Connections between Roman Saturnalia and Christmas
Saturnalia was an ancient Roman festival dedicated to the god Saturn, initially held on 17th December and later expanded through to 23rd December. Records pieced together from various accounts show that the holiday was celebrated with a sacrifice at the Temple of Saturn in the Roman Forum, a public banquet, gift-giving and continual partying. The festival overturned the usual Roman social norms: gambling was permitted and masters provided table service for their slaves. Indeed, the poet Catullus called it “the best of days”.
Saturn was an agricultural deity who was said to have reigned over the world in the Golden Age, when humans enjoyed the spontaneous bounty of the earth without labour in a state of perpetual innocence.
In one of the interpretations in Macrobius’s work, Saturnalia is a festival of light leading to the winter solstice, with candles symbolizing the quest for knowledge and truth.

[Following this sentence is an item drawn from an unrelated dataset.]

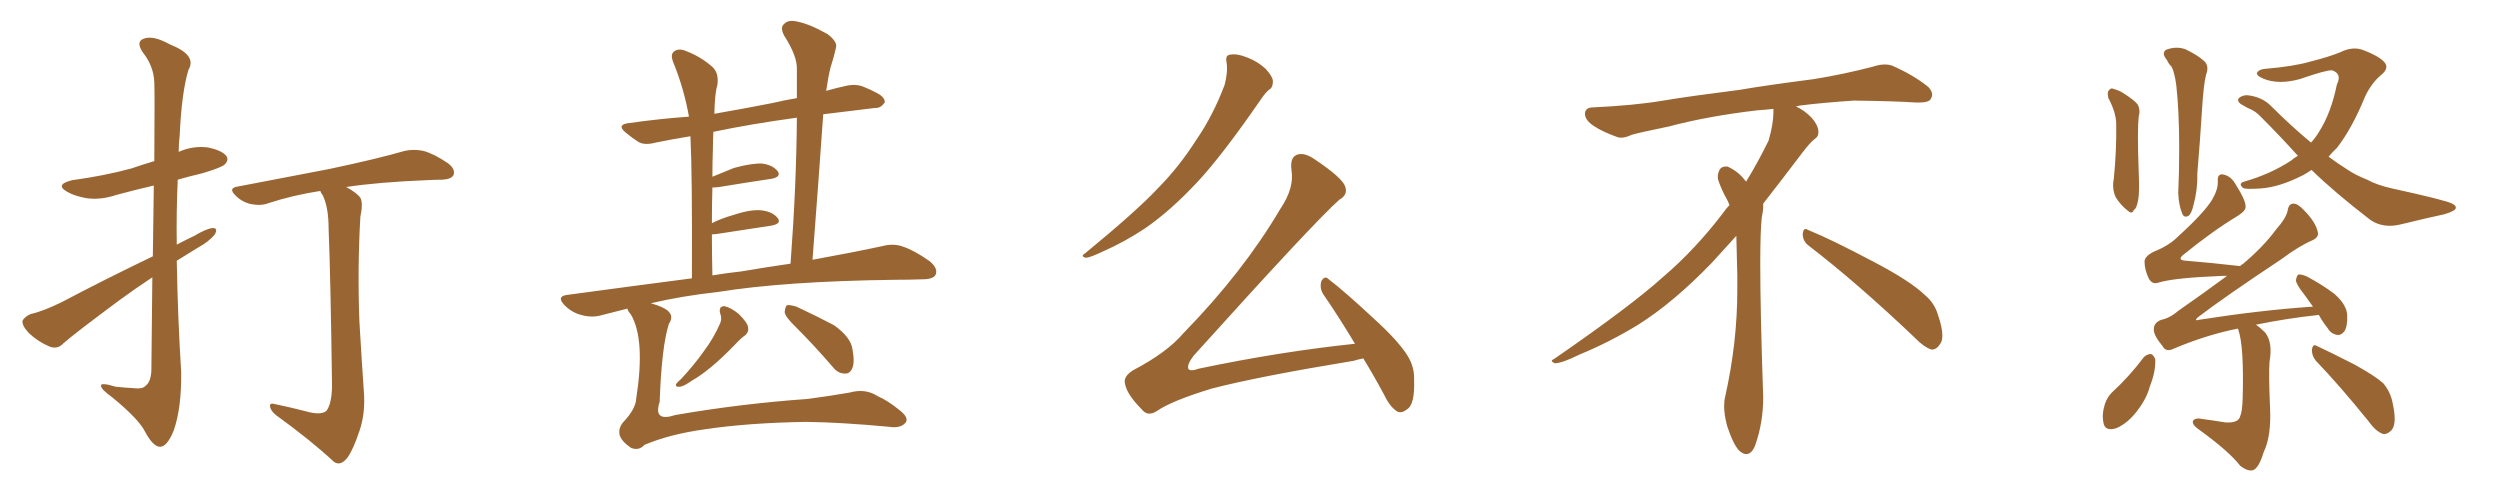 <svg xmlns="http://www.w3.org/2000/svg" xmlns:xlink="http://www.w3.org/1999/xlink" width="750" height="150"><path fill="#996633" padding="10" d="M45.70 83.20L45.70 83.20Q40.58 86.57 35.60 90.23L35.60 90.23Q22.56 99.90 19.04 102.98L19.04 102.98Q17.29 104.88 14.94 104.00L14.94 104.00Q11.43 102.54 8.64 99.90L8.64 99.90Q6.59 97.71 6.74 96.24L6.74 96.24Q7.32 95.07 9.23 94.19L9.23 94.19Q12.74 93.46 18.46 90.67L18.46 90.67Q31.20 83.94 45.85 76.90L45.85 76.90Q46.00 64.60 46.14 55.66L46.14 55.66Q40.43 56.98 35.01 58.45L35.01 58.45Q30.18 60.06 26.07 59.47L26.07 59.47Q22.56 58.89 20.21 57.57L20.21 57.57Q16.26 55.37 21.68 54.05L21.68 54.05Q31.35 52.73 39.40 50.54L39.40 50.54Q42.77 49.37 46.29 48.34L46.29 48.34Q46.44 27.39 46.29 24.76L46.29 24.76Q46.14 19.92 42.92 15.82L42.92 15.82Q40.58 12.45 43.21 11.57L43.21 11.57Q46.00 10.55 50.98 13.33L50.98 13.33Q59.18 16.55 56.54 20.95L56.54 20.95Q54.49 27.69 53.91 40.58L53.91 40.58Q53.61 42.92 53.61 45.56L53.61 45.56Q57.86 43.65 62.40 44.24L62.40 44.24Q66.65 45.12 67.97 46.88L67.97 46.88Q68.70 48.05 67.38 49.37L67.38 49.37Q66.50 50.24 60.64 52.00L60.64 52.00Q56.84 52.88 53.32 53.91L53.32 53.91Q52.88 63.57 53.03 73.39L53.03 73.39Q55.52 72.07 58.30 70.75L58.30 70.75Q61.96 68.55 63.87 68.41L63.87 68.41Q65.48 68.41 64.45 70.31L64.45 70.31Q62.70 72.51 59.18 74.41L59.18 74.41Q56.10 76.32 53.03 78.22L53.03 78.22Q53.32 94.92 54.35 111.62L54.35 111.62Q54.49 122.31 52.15 129.05L52.15 129.05Q50.10 134.18 47.90 134.03L47.90 134.03Q45.85 133.89 43.51 129.49L43.51 129.49Q41.60 125.68 33.54 119.09L33.54 119.09Q30.47 116.89 30.32 115.87L30.32 115.87Q29.88 114.55 34.72 116.02L34.72 116.02Q37.50 116.31 40.28 116.46L40.28 116.46Q42.63 116.75 43.51 115.87L43.51 115.87Q45.26 114.70 45.41 111.18L45.41 111.18Q45.56 95.65 45.70 83.20ZM91.55 123.34L91.55 123.34L91.55 123.34Q96.09 124.66 97.85 123.34L97.85 123.34Q99.46 121.44 99.61 116.02L99.61 116.02Q99.17 82.76 98.58 68.55L98.58 68.55Q98.58 62.26 96.83 58.59L96.83 58.59Q96.24 57.86 96.09 57.28L96.09 57.28Q87.74 58.59 80.57 60.94L80.57 60.94Q78.37 61.82 75.29 61.23L75.29 61.23Q72.66 60.64 70.75 58.74L70.75 58.74Q68.26 56.40 71.34 55.96L71.34 55.96Q86.43 53.03 98.88 50.68L98.88 50.68Q113.38 47.61 121.44 45.26L121.44 45.26Q124.22 44.68 127.00 45.26L127.00 45.26Q130.22 46.14 134.33 48.93L134.33 48.93Q136.67 50.68 136.08 52.44L136.08 52.44Q135.50 53.76 132.71 53.91L132.71 53.91Q130.37 53.91 128.03 54.05L128.03 54.05Q113.53 54.64 103.86 56.10L103.86 56.10Q107.08 57.86 108.11 59.33L108.11 59.33Q108.98 60.94 108.11 65.04L108.11 65.04Q107.23 80.27 107.81 96.24L107.81 96.24Q108.54 108.69 109.13 117.04L109.13 117.04Q109.72 123.93 107.81 129.35L107.81 129.35Q105.91 135.06 104.15 137.40L104.15 137.40Q102.10 139.89 100.20 138.57L100.20 138.57Q93.31 132.13 82.76 124.51L82.76 124.51Q81.15 123.19 81.01 121.88L81.01 121.88Q80.86 120.70 82.76 121.29L82.76 121.29Q87.60 122.31 91.55 123.34ZM216.06 94.04L216.06 94.04Q215.48 91.85 217.38 91.85L217.38 91.85Q219.29 92.29 221.63 94.19L221.63 94.19Q224.27 96.83 224.41 98.14L224.41 98.14Q224.71 99.46 223.68 100.49L223.68 100.49Q222.36 101.37 220.61 103.27L220.61 103.27Q216.50 107.52 213.28 110.16L213.28 110.16Q210.06 112.79 207.71 114.11L207.71 114.11Q204.93 116.02 203.91 116.02L203.91 116.02Q202.44 116.16 202.88 115.14L202.88 115.14Q203.32 114.55 204.35 113.67L204.35 113.67Q208.30 109.42 211.08 105.47L211.08 105.47Q214.16 101.37 216.06 96.97L216.06 96.97Q216.65 95.51 216.06 94.04ZM188.23 92.58L188.23 92.58Q184.13 93.60 180.18 94.63L180.18 94.63Q177.54 95.36 174.32 94.48L174.32 94.48Q171.53 93.75 169.34 91.55L169.34 91.55Q166.85 88.92 170.07 88.48L170.07 88.48Q189.55 85.84 207.57 83.50L207.57 83.50Q207.71 52.44 207.13 40.87L207.13 40.87Q201.71 41.75 196.73 42.77L196.73 42.77Q193.51 43.65 191.60 42.63L191.60 42.63Q189.55 41.31 187.79 39.84L187.79 39.84Q184.72 37.35 188.82 36.91L188.82 36.91Q198.05 35.60 206.54 35.01L206.54 35.01Q206.54 35.01 206.69 35.01L206.69 35.01Q205.22 26.66 202.00 18.75L202.00 18.75Q200.98 16.26 202.29 15.38L202.29 15.38Q203.76 14.36 205.96 15.38L205.96 15.38Q210.21 16.99 213.72 20.07L213.72 20.07Q215.77 21.97 215.19 25.63L215.19 25.63Q214.45 27.83 214.31 34.13L214.31 34.13Q222.80 32.67 231.74 30.91L231.74 30.91Q235.40 30.03 239.06 29.44L239.06 29.44Q239.06 24.90 239.06 20.80L239.06 20.80Q239.21 16.85 235.25 10.69L235.25 10.69Q233.94 8.20 235.25 7.18L235.25 7.18Q236.43 5.86 239.06 6.45L239.06 6.45Q242.87 7.18 248.29 10.25L248.29 10.25Q251.37 12.60 250.78 14.36L250.78 14.36Q250.20 16.99 249.17 20.21L249.17 20.21Q248.44 23.14 247.85 27.25L247.85 27.25Q250.93 26.37 253.71 25.78L253.71 25.78Q256.79 25.05 259.13 26.07L259.13 26.07Q261.33 26.95 262.35 27.54L262.35 27.54Q265.58 29.00 265.43 30.76L265.43 30.76Q264.11 32.52 262.65 32.37L262.65 32.37Q255.32 33.25 246.97 34.28L246.97 34.28Q245.51 55.08 243.75 77.93L243.75 77.93Q255.91 75.73 264.70 73.83L264.70 73.83Q268.07 72.95 270.85 73.97L270.85 73.97Q274.37 75.15 278.91 78.37L278.91 78.37Q281.54 80.57 280.66 82.47L280.66 82.47Q279.93 83.79 276.71 83.79L276.71 83.79Q272.75 83.94 268.21 83.94L268.21 83.94Q235.25 84.38 215.33 87.60L215.33 87.60Q204.64 88.77 195.26 90.97L195.26 90.97Q199.80 92.29 200.83 93.75L200.83 93.75Q202.00 95.21 200.68 97.12L200.68 97.12Q198.49 103.86 197.90 120.56L197.90 120.56Q195.85 126.71 202.59 124.51L202.59 124.51Q221.92 121.14 242.29 119.68L242.29 119.68Q249.02 118.80 254.88 117.77L254.88 117.77Q259.57 116.46 263.23 118.80L263.23 118.80Q266.46 120.26 269.68 122.90L269.68 122.90Q272.75 125.24 271.73 126.71L271.73 126.71Q270.26 128.61 266.60 128.03L266.60 128.03Q252.54 126.71 241.85 126.56L241.85 126.56Q224.41 126.86 211.67 128.76L211.67 128.76Q200.98 130.22 193.36 133.45L193.36 133.45Q191.60 135.35 189.26 134.33L189.26 134.33Q186.47 132.42 185.89 130.52L185.89 130.52Q185.45 128.47 186.91 126.71L186.91 126.71Q190.72 122.75 190.87 119.53L190.87 119.53Q193.65 101.81 189.26 94.34L189.26 94.34Q188.23 93.16 188.23 92.58ZM222.22 81.45L222.22 81.45Q229.98 80.13 237.16 79.10L237.16 79.10Q238.92 55.66 239.06 35.30L239.06 35.30Q225.15 37.21 214.01 39.55L214.01 39.55Q213.87 42.04 213.87 44.82L213.87 44.82Q213.72 48.49 213.72 53.03L213.72 53.03Q216.65 51.86 220.17 50.39L220.17 50.39Q225.44 48.93 228.66 49.07L228.66 49.07Q231.88 49.51 233.35 51.42L233.35 51.42Q234.38 53.03 231.59 53.61L231.59 53.61Q224.71 54.64 215.77 56.10L215.77 56.10Q214.75 56.25 213.72 56.25L213.72 56.25Q213.57 61.23 213.57 66.94L213.57 66.94Q216.50 65.48 220.17 64.45L220.17 64.45Q225.44 62.70 228.66 63.13L228.66 63.13Q231.88 63.57 233.35 65.48L233.35 65.48Q234.52 67.09 231.45 67.68L231.45 67.68Q224.56 68.70 215.19 70.17L215.19 70.17Q214.16 70.31 213.57 70.31L213.57 70.31Q213.57 76.03 213.72 82.62L213.72 82.62Q218.12 81.88 222.22 81.45ZM238.77 98.14L238.77 98.14L238.77 98.14Q235.55 95.07 235.40 93.60L235.40 93.60Q235.55 91.99 236.13 91.55L236.13 91.55Q237.01 91.41 238.92 91.99L238.92 91.99Q244.92 94.78 250.20 97.56L250.20 97.56Q255.32 101.22 255.76 104.88L255.76 104.88Q256.49 108.84 255.62 110.60L255.62 110.60Q254.88 112.21 253.42 112.06L253.42 112.06Q251.37 112.06 249.90 110.16L249.90 110.16Q244.19 103.56 238.77 98.14ZM367.97 18.75L367.97 18.75Q367.53 16.55 368.99 16.41L368.99 16.41Q371.04 15.97 374.27 17.29L374.27 17.29Q377.34 18.46 379.69 20.65L379.69 20.65Q381.74 22.85 381.88 24.32L381.88 24.32Q381.88 26.22 380.86 26.81L380.86 26.81Q379.69 27.69 378.22 29.88L378.22 29.88Q366.80 46.44 359.33 54.49L359.33 54.49Q351.27 63.13 343.65 68.41L343.65 68.41Q337.50 72.51 331.20 75.29L331.20 75.29Q327.25 77.20 325.78 77.34L325.78 77.34Q324.02 76.90 325.49 76.03L325.49 76.03Q341.02 63.28 347.31 56.54L347.31 56.54Q353.61 50.24 359.03 41.75L359.03 41.75Q363.87 34.72 367.38 25.49L367.38 25.49Q368.41 21.53 367.97 18.75ZM408.98 107.52L408.98 107.52L408.98 107.52Q407.52 107.81 406.05 108.25L406.05 108.25Q377.49 112.94 363.43 116.60L363.43 116.60Q351.42 120.26 347.02 123.34L347.02 123.34Q344.24 125.10 342.48 122.75L342.48 122.75Q338.09 118.36 337.50 115.14L337.50 115.14Q336.91 112.94 339.99 111.04L339.99 111.04Q350.10 105.76 355.08 99.90L355.08 99.90Q372.95 81.59 384.08 62.70L384.08 62.70Q388.33 56.40 387.45 51.12L387.45 51.12Q386.87 46.88 389.50 46.29L389.50 46.29Q391.55 45.85 394.34 47.75L394.34 47.75Q402.69 53.32 403.56 55.96L403.56 55.96Q404.44 58.45 401.81 59.91L401.81 59.91Q394.34 66.50 358.15 106.64L358.15 106.64Q355.96 109.42 356.54 110.74L356.54 110.74Q357.28 111.47 359.62 110.60L359.62 110.60Q384.08 105.47 406.49 103.13L406.49 103.13Q401.66 95.07 397.12 88.48L397.12 88.48Q395.80 86.57 396.39 84.38L396.39 84.38Q397.41 82.62 398.44 83.64L398.44 83.64Q403.42 87.45 411.91 95.36L411.91 95.36Q419.53 102.25 422.31 106.79L422.31 106.79Q424.37 110.16 424.22 113.82L424.22 113.82Q424.51 121.29 422.17 122.75L422.17 122.75Q420.56 124.07 419.24 123.49L419.24 123.49Q417.04 122.17 415.28 118.51L415.28 118.51Q412.06 112.50 408.98 107.52ZM542.58 73.68L542.58 73.68Q540.82 72.36 540.82 70.17L540.82 70.17Q540.97 68.70 541.70 68.70L541.70 68.70Q541.99 68.70 542.43 68.99L542.43 68.99Q549.32 71.78 561.77 78.37L561.77 78.37Q573.05 84.23 577.59 88.62L577.59 88.62Q580.37 90.97 581.40 94.48L581.40 94.48Q582.71 98.29 582.71 100.63L582.71 100.63Q582.71 102.39 581.98 103.27L581.98 103.27Q580.96 104.88 579.49 104.88L579.49 104.88Q577.15 104.15 574.51 101.37L574.51 101.37Q557.08 84.81 542.58 73.68ZM532.03 33.54L532.03 33.54L532.03 32.67Q529.25 32.96 527.05 33.11L527.05 33.11Q512.26 34.86 500.68 37.94L500.68 37.94Q491.46 39.84 489.55 40.43L489.55 40.43Q487.65 41.31 486.33 41.31L486.33 41.31Q485.74 41.31 485.30 41.16L485.30 41.16Q480.76 39.55 478.13 37.79L478.13 37.79Q475.49 36.04 475.49 34.13L475.49 34.13L475.49 33.98Q475.63 32.37 477.54 32.23L477.54 32.23Q490.43 31.64 498.93 30.18L498.93 30.18Q506.84 28.86 521.92 26.95L521.92 26.95Q529.54 25.63 544.19 23.73L544.19 23.73Q553.13 22.27 561.62 20.07L561.62 20.07Q563.82 19.34 565.43 19.34L565.43 19.34Q566.60 19.34 567.48 19.63L567.48 19.63Q573.93 22.41 578.47 26.07L578.47 26.07Q579.64 27.25 579.64 28.42L579.64 28.42Q579.64 29.00 579.20 29.74L579.20 29.74Q578.61 30.76 575.68 30.76L575.68 30.76L574.95 30.76Q568.21 30.32 556.20 30.18L556.20 30.18Q547.27 30.76 540.09 31.64L540.09 31.64Q539.21 31.79 538.77 31.93L538.77 31.93Q541.41 33.11 543.60 35.45L543.60 35.45Q545.36 37.50 545.51 39.26L545.51 39.26L545.51 39.84Q545.51 41.02 544.34 41.75L544.34 41.75Q543.02 42.77 540.67 45.85L540.67 45.85Q534.23 54.35 528.96 61.08L528.96 61.08L528.96 61.82Q528.96 63.28 528.52 65.33L528.52 65.33Q528.08 69.43 528.08 79.25L528.08 79.25Q528.08 93.46 528.96 119.24L528.96 119.24Q528.96 126.71 526.61 133.45L526.61 133.45Q525.59 136.23 523.83 136.23L523.83 136.23Q522.95 136.23 521.78 135.21L521.78 135.21Q520.02 133.45 518.12 127.73L518.12 127.73Q517.24 124.37 517.24 121.88L517.24 121.88Q517.24 120.26 517.53 119.09L517.53 119.09Q521.19 102.83 521.19 87.01L521.19 87.01L521.19 82.62Q521.04 76.61 520.90 70.75L520.90 70.75Q516.80 75.29 513.57 78.81L513.57 78.81Q502.15 90.67 491.46 97.41L491.46 97.41Q482.81 102.69 473.88 106.35L473.88 106.35Q468.60 108.98 466.41 108.98L466.41 108.98Q465.53 108.54 465.53 108.25L465.53 108.25Q465.53 107.96 466.26 107.67L466.26 107.67Q489.40 91.70 498.78 83.20L498.78 83.20Q508.45 75 516.94 63.87L516.94 63.87Q517.82 62.55 518.85 61.52L518.85 61.52Q518.41 60.35 517.82 59.33L517.82 59.33Q516.65 57.28 515.63 54.49L515.63 54.49Q515.33 53.76 515.33 53.03L515.33 53.03Q515.33 52.00 515.92 50.83L515.92 50.83Q516.50 49.95 517.82 49.95L517.82 49.95L518.26 49.95Q521.19 51.27 523.10 53.61L523.10 53.61Q523.39 53.91 523.83 54.49L523.83 54.49Q527.34 48.78 530.57 42.19L530.57 42.19Q532.03 37.21 532.03 33.54ZM632.52 29.44L632.52 29.44Q632.08 27.69 632.67 27.10L632.67 27.10Q633.40 26.22 633.98 26.66L633.98 26.66Q635.74 27.10 637.06 27.98L637.06 27.98Q640.28 30.03 641.31 31.35L641.31 31.35Q642.19 33.11 641.60 35.01L641.60 35.01Q641.16 39.26 641.60 51.12L641.60 51.12Q641.89 58.01 641.46 59.91L641.46 59.91Q641.02 62.55 640.14 62.99L640.14 62.99Q639.70 64.45 638.23 63.13L638.23 63.13Q636.18 61.52 634.72 59.18L634.72 59.18Q633.54 56.54 634.13 53.76L634.13 53.76Q635.01 44.97 634.86 36.91L634.86 36.91Q634.72 33.54 632.52 29.44ZM650.10 18.02L650.10 18.02Q648.34 15.97 649.80 14.94L649.80 14.94Q652.88 13.77 655.66 14.79L655.66 14.79Q659.33 16.55 661.23 18.31L661.23 18.31Q662.84 19.78 661.82 22.41L661.82 22.41Q661.08 25.34 660.64 32.37L660.64 32.37Q660.06 41.75 659.18 52.29L659.18 52.29Q659.33 56.84 658.01 61.67L658.01 61.67Q657.42 64.16 656.54 64.75L656.54 64.75Q655.22 65.48 654.64 64.01L654.64 64.01Q653.61 61.52 653.47 57.86L653.47 57.86Q653.76 52.00 653.76 44.38L653.76 44.38Q653.76 33.54 652.88 25.49L652.88 25.49Q652.29 21.39 651.42 19.92L651.42 19.92Q650.68 19.34 650.10 18.02ZM689.36 46.73L689.36 46.73Q684.08 40.87 678.22 35.01L678.22 35.01Q676.61 33.25 674.27 32.37L674.27 32.37Q673.24 31.79 672.22 31.20L672.22 31.20Q671.04 30.32 671.63 29.44L671.63 29.44Q672.66 28.56 674.12 28.56L674.12 28.56Q678.52 29.00 681.30 31.79L681.30 31.79Q687.45 37.94 693.31 42.77L693.31 42.77Q694.78 41.16 695.80 39.40L695.80 39.40Q699.32 33.84 701.07 25.34L701.07 25.34Q702.69 22.12 699.61 21.09L699.61 21.09Q698.00 20.95 689.94 23.73L689.94 23.73Q683.50 25.49 678.96 23.58L678.96 23.58Q676.61 22.56 677.20 21.68L677.20 21.68Q677.78 20.80 679.54 20.65L679.54 20.65Q688.18 19.92 693.16 18.46L693.16 18.46Q698.44 17.14 702.10 15.67L702.10 15.67Q705.91 13.77 709.13 15.09L709.13 15.09Q713.38 16.70 715.14 18.46L715.14 18.46Q717.04 20.36 714.26 22.56L714.26 22.56Q711.47 24.90 709.57 28.86L709.57 28.86Q705.62 38.53 701.07 44.38L701.07 44.38Q699.61 45.70 698.58 47.02L698.58 47.02Q701.37 49.07 704.15 50.83L704.15 50.83Q706.49 52.44 710.16 53.91L710.16 53.91Q713.09 55.52 717.63 56.54L717.63 56.54Q733.74 60.06 735.64 61.08L735.64 61.08Q737.40 61.96 736.38 62.99L736.38 62.99Q734.91 63.87 733.15 64.31L733.15 64.31Q727.73 65.48 720.56 67.24L720.56 67.24Q714.99 68.70 711.04 65.92L711.04 65.92Q700.20 57.57 693.46 50.98L693.46 50.98Q692.14 51.86 691.11 52.44L691.11 52.44Q684.08 56.10 678.22 56.54L678.22 56.54Q673.54 56.84 672.95 56.40L672.95 56.40Q671.34 55.08 673.24 54.49L673.24 54.49Q681.01 52.29 687.30 48.19L687.30 48.19Q688.33 47.31 689.36 46.73ZM671.34 98.58L671.34 98.58Q661.82 100.49 652.15 104.59L652.15 104.59Q649.80 105.76 648.78 103.86L648.78 103.86Q646.00 100.49 646.14 98.73L646.14 98.73Q646.14 96.83 648.34 95.95L648.34 95.95Q650.83 95.51 653.61 93.16L653.61 93.16Q661.38 87.74 668.12 82.76L668.12 82.76Q667.38 82.76 666.80 82.76L666.80 82.76Q652.00 83.35 647.46 84.81L647.46 84.81Q645.70 85.40 644.68 83.64L644.68 83.64Q643.36 81.01 643.36 78.37L643.36 78.37Q643.51 76.76 646.29 75.44L646.29 75.44Q650.68 73.68 653.32 71.04L653.32 71.04Q661.38 63.72 663.72 59.77L663.72 59.77Q665.48 56.69 665.33 54.35L665.33 54.35Q665.19 52.29 666.65 52.29L666.65 52.29Q668.99 52.59 670.46 54.93L670.46 54.93Q673.83 60.21 673.68 62.11L673.68 62.11Q673.68 63.28 671.34 64.75L671.34 64.75Q663.57 69.43 654.79 76.61L654.79 76.61Q653.17 78.08 655.81 78.22L655.81 78.22Q663.13 78.81 672.07 79.83L672.07 79.83Q672.36 79.39 672.80 79.25L672.80 79.25Q679.10 73.97 683.06 68.55L683.06 68.55Q685.69 65.63 686.28 63.28L686.28 63.28Q686.57 61.08 688.04 61.08L688.04 61.08Q689.36 61.08 691.11 62.99L691.11 62.99Q694.78 66.65 695.36 69.73L695.36 69.73Q695.65 71.19 693.75 72.07L693.75 72.07Q689.65 73.83 684.38 77.78L684.38 77.78Q666.94 89.36 659.33 95.21L659.33 95.21Q658.15 96.39 659.62 95.95L659.62 95.95Q678.37 93.02 693.90 91.99L693.90 91.99Q692.58 90.09 691.26 88.33L691.26 88.33Q688.92 85.40 688.77 84.08L688.77 84.08Q689.06 82.47 689.65 82.32L689.65 82.32Q690.53 82.32 691.99 82.91L691.99 82.91Q696.68 85.40 700.34 88.18L700.34 88.18Q704.00 91.41 704.15 94.48L704.15 94.48Q704.30 98.00 703.27 99.46L703.27 99.46Q702.25 100.63 701.22 100.49L701.22 100.49Q699.32 100.20 698.29 98.44L698.29 98.44Q696.68 96.39 695.65 94.48L695.65 94.48Q685.99 95.51 676.76 97.41L676.76 97.41Q678.08 98.29 679.54 99.76L679.54 99.76Q681.88 102.69 680.86 108.54L680.86 108.54Q680.57 112.06 681.01 122.17L681.01 122.17Q681.45 130.81 679.10 135.64L679.10 135.64Q677.64 140.48 675.88 141.06L675.88 141.06Q674.41 141.50 672.07 139.75L672.07 139.75Q668.70 135.35 659.33 128.61L659.33 128.61Q657.71 127.44 657.86 126.42L657.86 126.42Q658.15 125.54 659.62 125.54L659.62 125.54Q663.87 126.12 667.53 126.71L667.53 126.71Q671.63 127.00 672.07 124.80L672.07 124.80Q672.66 123.63 672.80 119.53L672.80 119.53Q673.24 103.86 671.48 98.88L671.48 98.88Q671.34 98.58 671.34 98.58ZM643.21 107.08L643.21 107.08Q644.24 106.20 645.26 106.20L645.26 106.20Q646.14 106.49 646.58 107.81L646.58 107.81Q646.73 111.47 644.97 115.87L644.97 115.87Q644.09 119.38 641.31 123.05L641.31 123.05Q638.38 127.00 634.86 128.47L634.86 128.47Q631.49 129.49 631.05 126.86L631.05 126.86Q630.47 124.37 631.49 121.14L631.49 121.14Q632.23 119.09 633.54 117.77L633.54 117.77Q638.82 112.94 643.21 107.08ZM694.78 108.25L694.78 108.25L694.78 108.25Q693.46 106.64 693.60 104.74L693.60 104.74Q693.90 102.98 695.21 103.86L695.21 103.86Q699.02 105.62 706.20 109.28L706.20 109.28Q712.35 112.65 714.99 114.99L714.99 114.99Q717.19 117.63 717.77 120.85L717.77 120.85Q719.24 127.29 717.33 129.20L717.33 129.20Q716.02 130.37 714.99 130.22L714.99 130.22Q712.79 129.49 710.60 126.42L710.60 126.42Q701.95 115.72 694.78 108.25Z"/></svg>

The renewal of light and the coming of the new year was celebrated in the later Roman Empire in the Dies Natalis of Sol Invictus, the “Birthday of the Unconquerable Sun”, on 25th December.
The popularity of Saturnalia continued into the third and fourth centuries AD and as the Roman Empire came under Christian rule, some of its customs have clearly influenced the seasonal celebrations surrounding both Christmas and New Year.